Failure (`status: "failed"`):
- `reason`: Error description

## Behavior

- Auto-detects format from content
- Extracts complete text without filtering
- For Collections: extracts first Note's content field as URL

## Planning Notes

- Use when you have a specific URL and want complete content
- Use `search-web` when searching for information (returns filtered excerpts)
- For structured search results, extract URLs first with `project`

## Examples

```json
{"type":"fetch-text","target":"https://arxiv.org/pdf/1706.03762.pdf","out":"$paper_text"}
{"type":"project","target":"$papers","fields":["metadata.uri"],"out":"$urls"}
{"type":"fetch-text","target":"$urls","out":"$paper_text"}
```

Overview

This skill fetch-text extracts the complete textual content from a URL or a base64-encoded PDF and returns structured metadata. It auto-detects the source format (PDF, HTML, Markdown, or plain text) and supports Collection inputs by using the first item's content as the target URL. The output includes full text, format, page and character counts, and source metadata for reliable downstream processing.

How this skill works

Provide a target that is a URL, a base64 PDF, a Note ID, or a Collection ID. The skill inspects the input, auto-detects the content format, downloads or decodes the resource, and extracts all readable text without filtering.
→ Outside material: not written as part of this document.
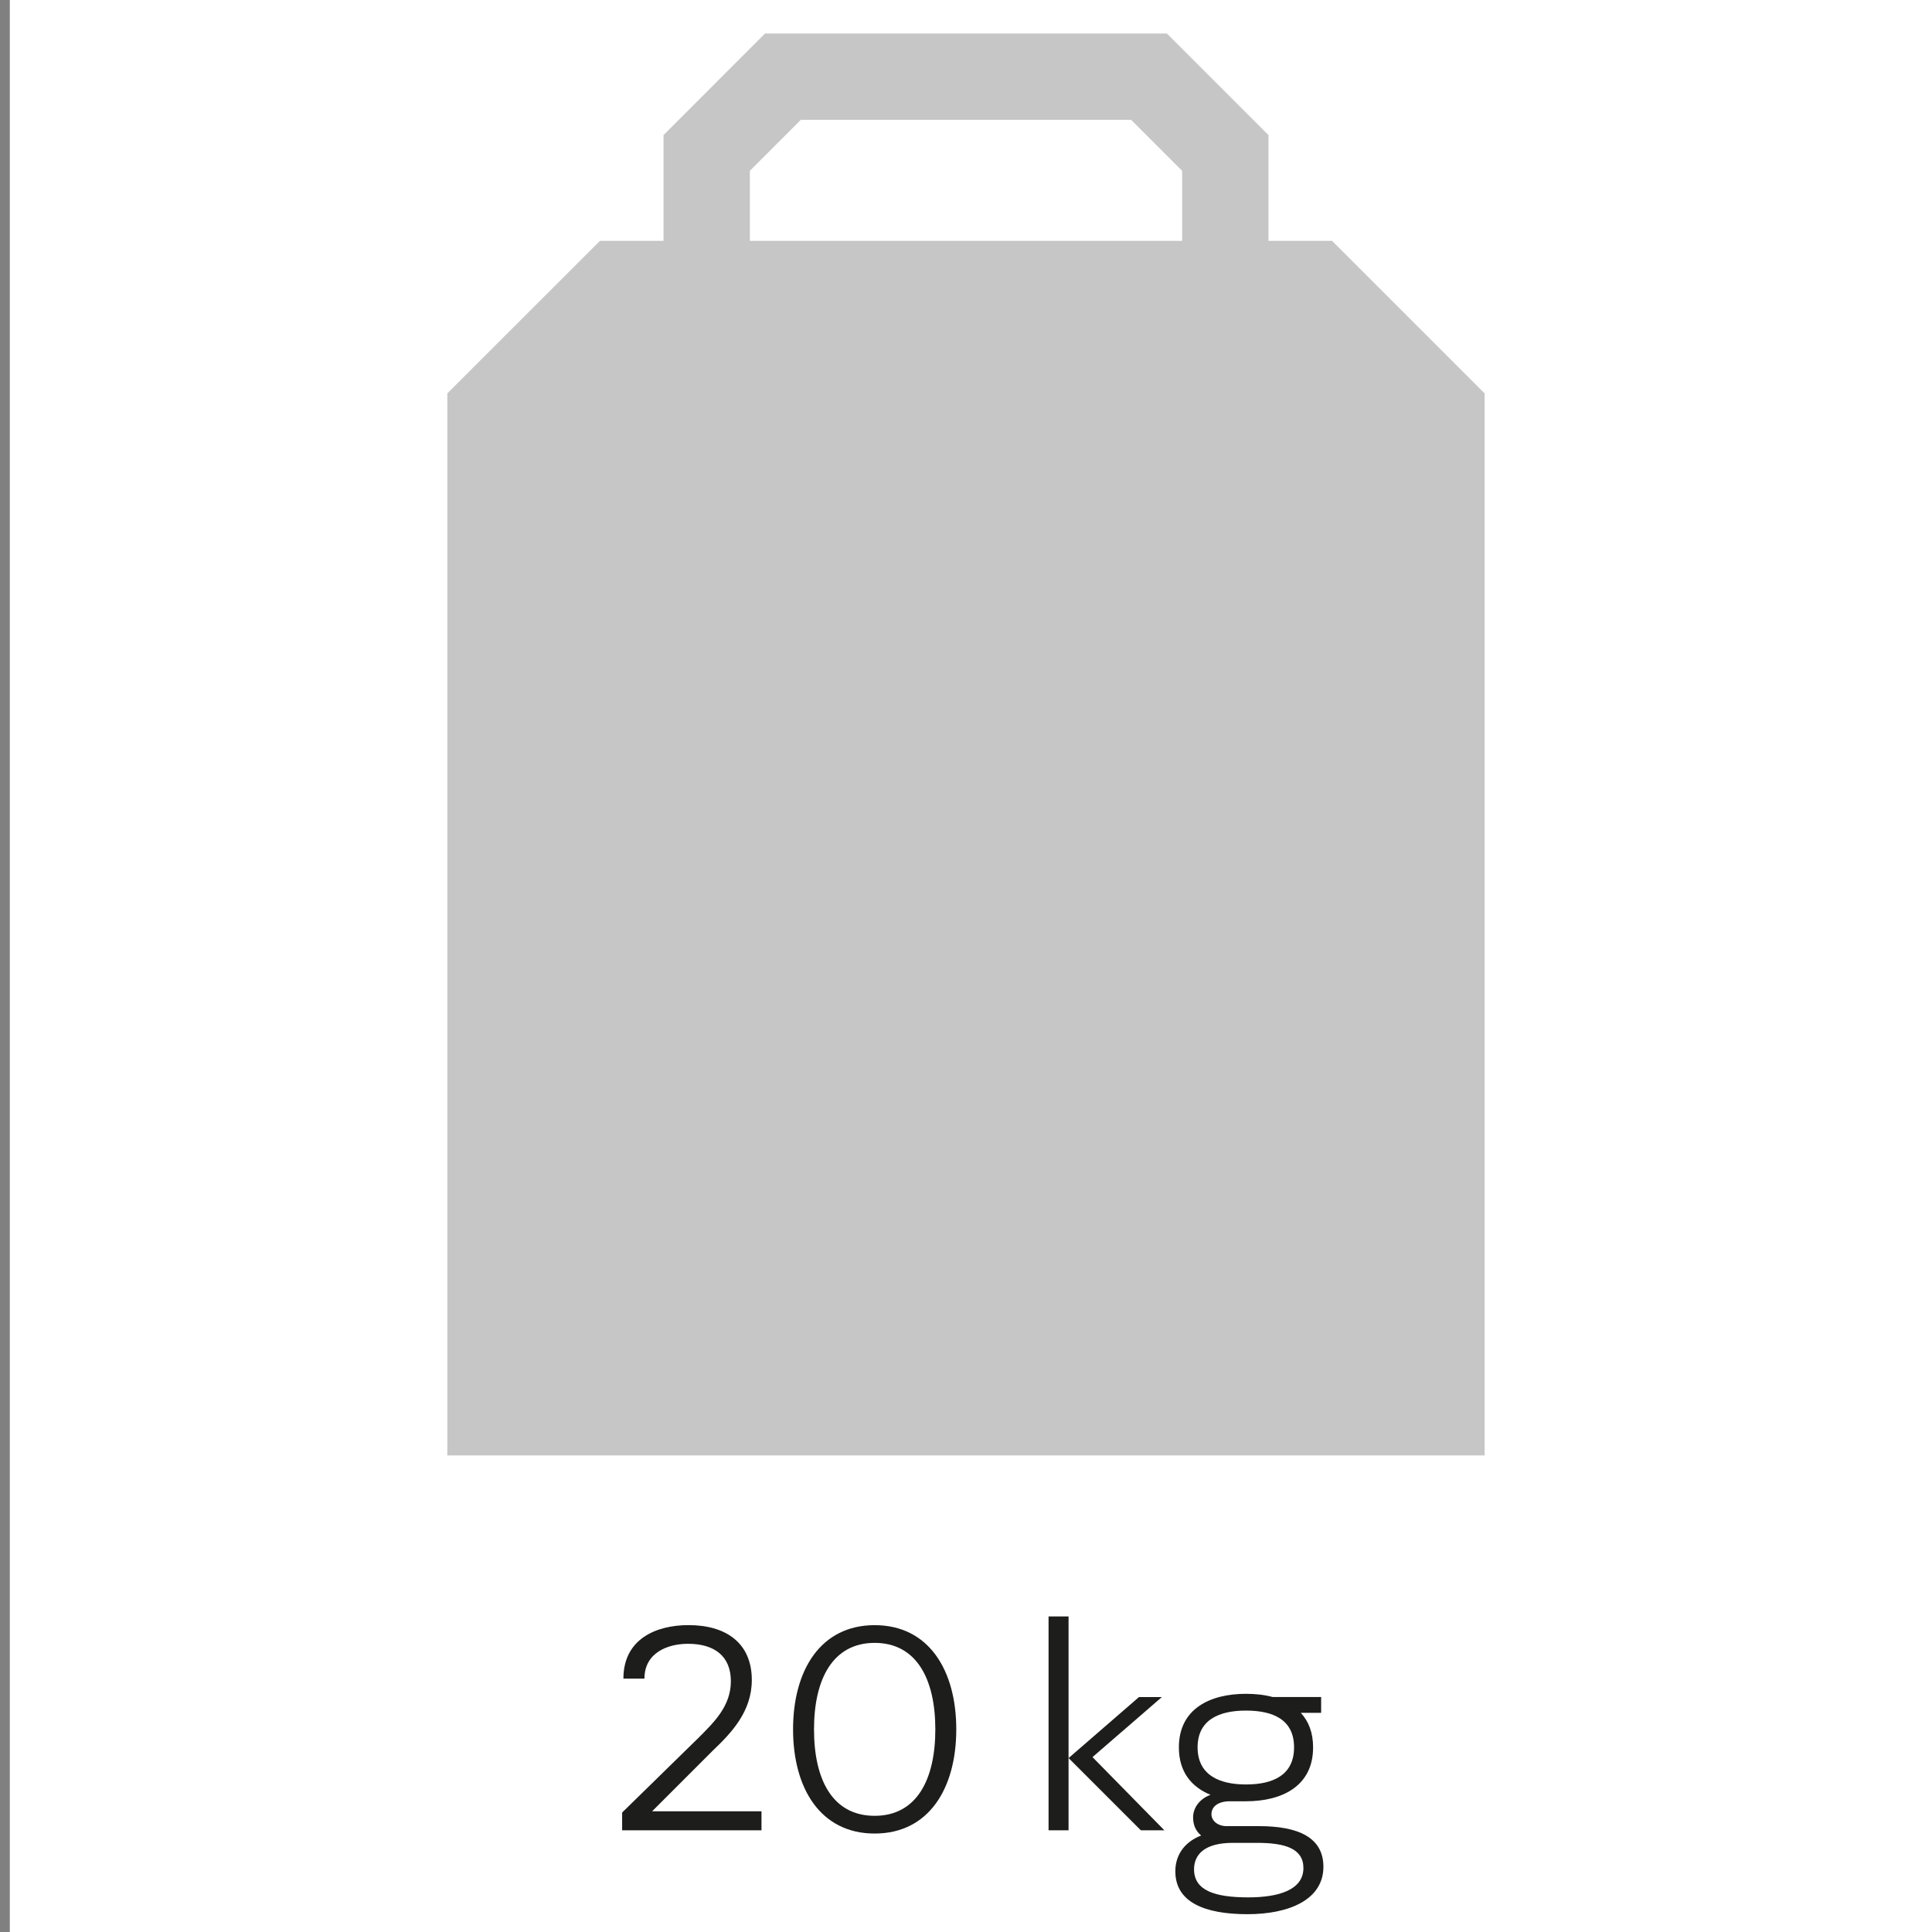 <?xml version="1.0" encoding="UTF-8"?><svg id="Layer_1" xmlns="http://www.w3.org/2000/svg" xmlns:xlink="http://www.w3.org/1999/xlink" viewBox="0 0 425.2 425.2"><rect x="0" y="0" width="425.2" height="425.2" fill="#808080" stroke="none"/><defs><style>.cls-1{fill:#fff;}.cls-2{stroke:#c6c6c6;stroke-width:19px;}.cls-2,.cls-3{fill:none;}.cls-4{clip-path:url(#clippath);}.cls-5{fill:#c6c6c6;}.cls-6{fill:#1d1d1b;}</style><clipPath id="clippath"><rect class="cls-3" width="425.2" height="425.2"/></clipPath></defs><rect class="cls-1" x="2.16" width="423.04" height="425.2"/><g><path class="cls-6" d="M137.2,369.45c0-8.73,7.17-11.79,14.34-11.79,8.38,0,13.92,4.05,13.92,12.07,0,6.96-4.47,11.64-8.66,15.62l-13.28,13.28h24.07v4.19h-30.67v-3.91l16.76-16.4c3.48-3.48,7.17-7.03,7.17-12.5s-3.55-8.24-9.44-8.24c-4.4,0-9.58,1.92-9.58,7.67h-4.61Z"/><path class="cls-6" d="M174.54,380.6c0-12.99,6.04-22.93,17.96-22.93s17.96,9.94,17.96,22.93-6.04,22.93-17.96,22.93-17.96-9.94-17.96-22.93Zm31.31,0c0-11.15-4.19-19.03-13.35-19.03s-13.35,7.88-13.35,19.03,4.12,19.03,13.35,19.03,13.35-7.95,13.35-19.03Z"/><path class="cls-6" d="M230.77,355.75h4.4v47.07h-4.4v-47.07Zm25.49,47.07h-5.18l-15.9-15.9,15.48-13.42h5.04l-15.26,13.21,15.83,16.12Z"/><path class="cls-6" d="M291.26,410.84c0,7.31-7.67,10.44-16.69,10.44-9.58,0-15.9-2.7-15.9-9.44,0-3.27,1.7-6.32,5.68-7.88-1.28-1.06-1.77-2.48-1.77-3.98,0-2.06,1.35-4.05,3.83-4.97-4.12-1.7-6.96-4.97-6.96-10.44,0-8.52,6.89-11.79,14.77-11.79,2.06,0,4.05,.21,5.89,.71h10.65v3.48h-4.47c1.7,1.85,2.7,4.33,2.7,7.6,0,8.52-6.82,11.86-14.77,11.86h-3.55c-2.63,0-4.05,1.21-4.05,2.84,0,1.49,1.42,2.63,3.34,2.63h7.1c8.66,0,14.2,2.48,14.2,8.95Zm-4.4,.28c0-4.33-4.12-5.54-10.22-5.54h-5.33c-6.18,0-8.52,2.56-8.52,5.82,0,4.69,4.61,6.18,11.93,6.18,6.53,0,12.14-1.56,12.14-6.46Zm-12.64-18.39c5.96,0,10.58-2.06,10.58-8.17s-4.62-8.09-10.58-8.09-10.65,2.06-10.65,8.09,4.69,8.17,10.65,8.17Z"/></g><polygon class="cls-5" points="132.03 53.01 98.45 86.58 98.45 320.32 326.74 320.32 326.74 86.58 293.17 53.01 132.03 53.01"/><g class="cls-4"><polygon class="cls-2" points="172.31 16.87 155.53 33.66 155.53 156.19 269.67 156.19 269.67 33.66 252.88 16.87 172.31 16.87"/></g></svg>

For Collections it reads the first note’s content field as the URL and then proceeds with extraction, returning JSON with text, format, metadata, page_count (PDF), and char_count.

When to use it

  • You have a specific URL or a base64 PDF and need the complete unfiltered text.
  • You need to ingest full documents for NLP tasks (summarization, indexing, entity extraction).
  • You want accurate format detection across PDF/HTML/Markdown/TXT inputs.
  • You receive a Collection ID and need to extract its first item’s content as the source.

Best practices

  • Pass a canonical URL or direct base64 PDF to avoid redirects and partial captures.
  • For collections, ensure the first item’s content is the intended URL or file reference.
  • If PDFs are large, expect longer extraction time and consider paginated processing on downstream tasks.
  • Validate returned metadata.uri and format before downstream processing to handle unexpected content types.
  • Use this skill when you require complete text; use a search-oriented skill when you only need snippets or ranked passages.

Example use cases

  • Extract full text from academic PDFs (arXiv, publisher PDFs) for corpus creation.
  • Scrape entire web articles or documentation pages for indexing or offline analysis.
  • Ingest legal or compliance documents as base64 PDFs to feed an NLP pipeline for entity and clause extraction.
  • Process a Collection of notes by pointing to the Collection ID to automatically use its first item’s link as the extraction target.
  • Convert Markdown or plain text files hosted at a URL into a single text payload for summarization.

FAQ

What input types are supported?

Supported inputs: HTTP/HTTPS URLs, base64-encoded PDFs, Note IDs, and Collection IDs (it will use the collection’s first item as the source).

How does it report failures?

On failure the skill returns status: "failed" with a concise reason field describing the error (download, decode, or extraction issue).